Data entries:

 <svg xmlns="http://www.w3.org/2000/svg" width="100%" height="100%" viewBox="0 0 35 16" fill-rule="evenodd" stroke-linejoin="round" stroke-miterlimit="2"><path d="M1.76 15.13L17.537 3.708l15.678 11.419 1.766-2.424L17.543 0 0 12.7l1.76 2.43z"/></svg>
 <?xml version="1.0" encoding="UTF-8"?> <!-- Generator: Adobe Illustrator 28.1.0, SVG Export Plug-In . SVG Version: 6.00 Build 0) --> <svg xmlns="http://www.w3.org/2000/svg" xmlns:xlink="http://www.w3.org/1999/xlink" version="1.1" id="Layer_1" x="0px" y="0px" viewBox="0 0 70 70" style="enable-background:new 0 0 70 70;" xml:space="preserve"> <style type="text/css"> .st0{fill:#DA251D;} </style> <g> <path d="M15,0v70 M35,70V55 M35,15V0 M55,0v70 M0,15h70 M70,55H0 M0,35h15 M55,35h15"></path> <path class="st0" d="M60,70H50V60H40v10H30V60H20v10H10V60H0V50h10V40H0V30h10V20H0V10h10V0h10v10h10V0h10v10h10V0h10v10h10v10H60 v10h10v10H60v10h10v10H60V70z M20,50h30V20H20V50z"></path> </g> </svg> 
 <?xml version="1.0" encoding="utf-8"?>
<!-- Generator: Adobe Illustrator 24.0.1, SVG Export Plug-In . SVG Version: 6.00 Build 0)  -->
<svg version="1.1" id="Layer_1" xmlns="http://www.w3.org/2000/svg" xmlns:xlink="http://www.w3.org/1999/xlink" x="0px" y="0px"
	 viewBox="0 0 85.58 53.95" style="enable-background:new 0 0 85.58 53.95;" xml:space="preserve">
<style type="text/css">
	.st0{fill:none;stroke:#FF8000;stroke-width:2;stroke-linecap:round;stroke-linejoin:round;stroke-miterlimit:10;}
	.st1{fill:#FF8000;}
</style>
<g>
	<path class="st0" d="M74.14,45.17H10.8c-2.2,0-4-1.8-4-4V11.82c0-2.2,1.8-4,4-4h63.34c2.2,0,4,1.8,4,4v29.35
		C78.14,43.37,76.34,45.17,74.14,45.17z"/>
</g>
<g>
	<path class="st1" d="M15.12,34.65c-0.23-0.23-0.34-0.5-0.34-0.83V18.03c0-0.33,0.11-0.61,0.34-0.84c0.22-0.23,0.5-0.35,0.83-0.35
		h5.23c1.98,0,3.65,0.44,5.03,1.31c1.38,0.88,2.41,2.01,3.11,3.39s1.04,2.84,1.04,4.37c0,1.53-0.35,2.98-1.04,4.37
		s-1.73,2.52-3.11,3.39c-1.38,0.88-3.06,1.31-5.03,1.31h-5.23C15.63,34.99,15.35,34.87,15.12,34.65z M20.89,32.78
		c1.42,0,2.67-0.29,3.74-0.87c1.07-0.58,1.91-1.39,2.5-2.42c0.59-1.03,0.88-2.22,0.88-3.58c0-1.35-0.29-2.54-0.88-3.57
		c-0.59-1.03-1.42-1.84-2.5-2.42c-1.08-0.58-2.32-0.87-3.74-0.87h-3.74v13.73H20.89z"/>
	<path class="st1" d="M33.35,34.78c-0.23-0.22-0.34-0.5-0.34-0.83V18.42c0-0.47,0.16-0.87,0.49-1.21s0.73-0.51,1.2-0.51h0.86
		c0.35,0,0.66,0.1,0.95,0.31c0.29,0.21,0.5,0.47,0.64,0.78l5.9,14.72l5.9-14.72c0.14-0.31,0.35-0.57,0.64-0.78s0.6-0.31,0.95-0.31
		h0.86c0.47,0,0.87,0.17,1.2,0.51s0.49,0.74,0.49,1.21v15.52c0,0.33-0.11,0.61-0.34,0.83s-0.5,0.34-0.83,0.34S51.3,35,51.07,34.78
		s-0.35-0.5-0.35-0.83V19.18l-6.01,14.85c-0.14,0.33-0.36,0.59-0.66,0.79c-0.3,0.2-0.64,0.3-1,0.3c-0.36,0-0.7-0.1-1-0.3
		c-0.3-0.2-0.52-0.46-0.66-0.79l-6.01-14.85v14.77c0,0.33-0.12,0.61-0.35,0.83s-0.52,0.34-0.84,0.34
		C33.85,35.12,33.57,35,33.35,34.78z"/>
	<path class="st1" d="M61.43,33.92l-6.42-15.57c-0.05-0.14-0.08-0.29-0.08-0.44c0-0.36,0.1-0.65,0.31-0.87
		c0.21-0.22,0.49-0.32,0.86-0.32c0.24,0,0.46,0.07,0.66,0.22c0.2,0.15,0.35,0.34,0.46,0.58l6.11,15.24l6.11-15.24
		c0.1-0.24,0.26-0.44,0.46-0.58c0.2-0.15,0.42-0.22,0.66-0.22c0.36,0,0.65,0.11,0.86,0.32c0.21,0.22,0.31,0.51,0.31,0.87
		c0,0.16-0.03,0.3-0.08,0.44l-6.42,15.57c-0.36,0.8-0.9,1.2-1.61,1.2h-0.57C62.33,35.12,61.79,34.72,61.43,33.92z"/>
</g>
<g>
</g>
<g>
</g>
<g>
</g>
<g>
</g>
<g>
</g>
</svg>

Exercise: In full and word for word, repeat the records.

Result of this task:
 <svg xmlns="http://www.w3.org/2000/svg" width="100%" height="100%" viewBox="0 0 35 16" fill-rule="evenodd" stroke-linejoin="round" stroke-miterlimit="2"><path d="M1.76 15.13L17.537 3.708l15.678 11.419 1.766-2.424L17.543 0 0 12.7l1.76 2.43z"/></svg>
 <?xml version="1.0" encoding="UTF-8"?> <!-- Generator: Adobe Illustrator 28.1.0, SVG Export Plug-In . SVG Version: 6.00 Build 0) --> <svg xmlns="http://www.w3.org/2000/svg" xmlns:xlink="http://www.w3.org/1999/xlink" version="1.1" id="Layer_1" x="0px" y="0px" viewBox="0 0 70 70" style="enable-background:new 0 0 70 70;" xml:space="preserve"> <style type="text/css"> .st0{fill:#DA251D;} </style> <g> <path d="M15,0v70 M35,70V55 M35,15V0 M55,0v70 M0,15h70 M70,55H0 M0,35h15 M55,35h15"></path> <path class="st0" d="M60,70H50V60H40v10H30V60H20v10H10V60H0V50h10V40H0V30h10V20H0V10h10V0h10v10h10V0h10v10h10V0h10v10h10v10H60 v10h10v10H60v10h10v10H60V70z M20,50h30V20H20V50z"></path> </g> </svg> 
 <?xml version="1.0" encoding="utf-8"?>
<!-- Generator: Adobe Illustrator 24.0.1, SVG Export Plug-In . SVG Version: 6.00 Build 0)  -->
<svg version="1.1" id="Layer_1" xmlns="http://www.w3.org/2000/svg" xmlns:xlink="http://www.w3.org/1999/xlink" x="0px" y="0px"
	 viewBox="0 0 85.58 53.95" style="enable-background:new 0 0 85.58 53.95;" xml:space="preserve">
<style type="text/css">
	.st0{fill:none;stroke:#FF8000;stroke-width:2;stroke-linecap:round;stroke-linejoin:round;stroke-miterlimit:10;}
	.st1{fill:#FF8000;}
</style>
<g>
	<path class="st0" d="M74.14,45.17H10.8c-2.2,0-4-1.8-4-4V11.82c0-2.2,1.8-4,4-4h63.34c2.2,0,4,1.8,4,4v29.35
		C78.14,43.37,76.34,45.17,74.14,45.17z"/>
</g>
<g>
	<path class="st1" d="M15.12,34.65c-0.23-0.23-0.34-0.5-0.34-0.83V18.03c0-0.33,0.11-0.61,0.34-0.84c0.22-0.23,0.5-0.35,0.83-0.35
		h5.23c1.98,0,3.65,0.44,5.03,1.31c1.38,0.88,2.41,2.01,3.11,3.39s1.04,2.84,1.04,4.37c0,1.53-0.35,2.98-1.04,4.37
		s-1.73,2.52-3.11,3.39c-1.38,0.88-3.06,1.31-5.03,1.31h-5.23C15.63,34.99,15.35,34.87,15.12,34.65z M20.89,32.78
		c1.42,0,2.67-0.29,3.74-0.87c1.07-0.58,1.91-1.39,2.5-2.42c0.59-1.03,0.88-2.22,0.88-3.58c0-1.35-0.29-2.54-0.88-3.57
		c-0.59-1.03-1.42-1.84-2.5-2.42c-1.08-0.58-2.32-0.87-3.74-0.87h-3.74v13.73H20.89z"/>
	<path class="st1" d="M33.35,34.78c-0.23-0.22-0.34-0.5-0.34-0.83V18.42c0-0.47,0.16-0.87,0.49-1.21s0.73-0.51,1.2-0.51h0.86
		c0.35,0,0.66,0.1,0.95,0.31c0.29,0.21,0.5,0.47,0.64,0.78l5.9,14.72l5.9-14.72c0.14-0.31,0.35-0.57,0.64-0.78s0.6-0.31,0.95-0.31
		h0.86c0.47,0,0.87,0.17,1.2,0.51s0.49,0.74,0.49,1.21v15.52c0,0.33-0.11,0.61-0.34,0.83s-0.5,0.34-0.83,0.34S51.3,35,51.07,34.78
		s-0.35-0.5-0.35-0.83V19.18l-6.01,14.85c-0.14,0.33-0.36,0.59-0.66,0.79c-0.3,0.2-0.64,0.3-1,0.3c-0.36,0-0.7-0.1-1-0.3
		c-0.3-0.2-0.52-0.46-0.66-0.79l-6.01-14.85v14.77c0,0.33-0.12,0.61-0.35,0.83s-0.52,0.34-0.84,0.34
		C33.85,35.12,33.57,35,33.35,34.78z"/>
	<path class="st1" d="M61.43,33.92l-6.42-15.57c-0.05-0.14-0.08-0.29-0.08-0.44c0-0.36,0.1-0.65,0.31-0.87
		c0.21-0.22,0.49-0.32,0.86-0.32c0.24,0,0.46,0.07,0.66,0.22c0.2,0.15,0.35,0.34,0.46,0.58l6.11,15.24l6.11-15.24
		c0.1-0.24,0.26-0.44,0.46-0.58c0.2-0.15,0.42-0.22,0.66-0.22c0.36,0,0.65,0.11,0.86,0.32c0.21,0.22,0.31,0.51,0.31,0.87
		c0,0.16-0.03,0.3-0.08,0.44l-6.42,15.57c-0.36,0.8-0.9,1.2-1.61,1.2h-0.57C62.33,35.12,61.79,34.72,61.43,33.92z"/>
</g>
<g>
</g>
<g>
</g>
<g>
</g>
<g>
</g>
<g>
</g>
</svg>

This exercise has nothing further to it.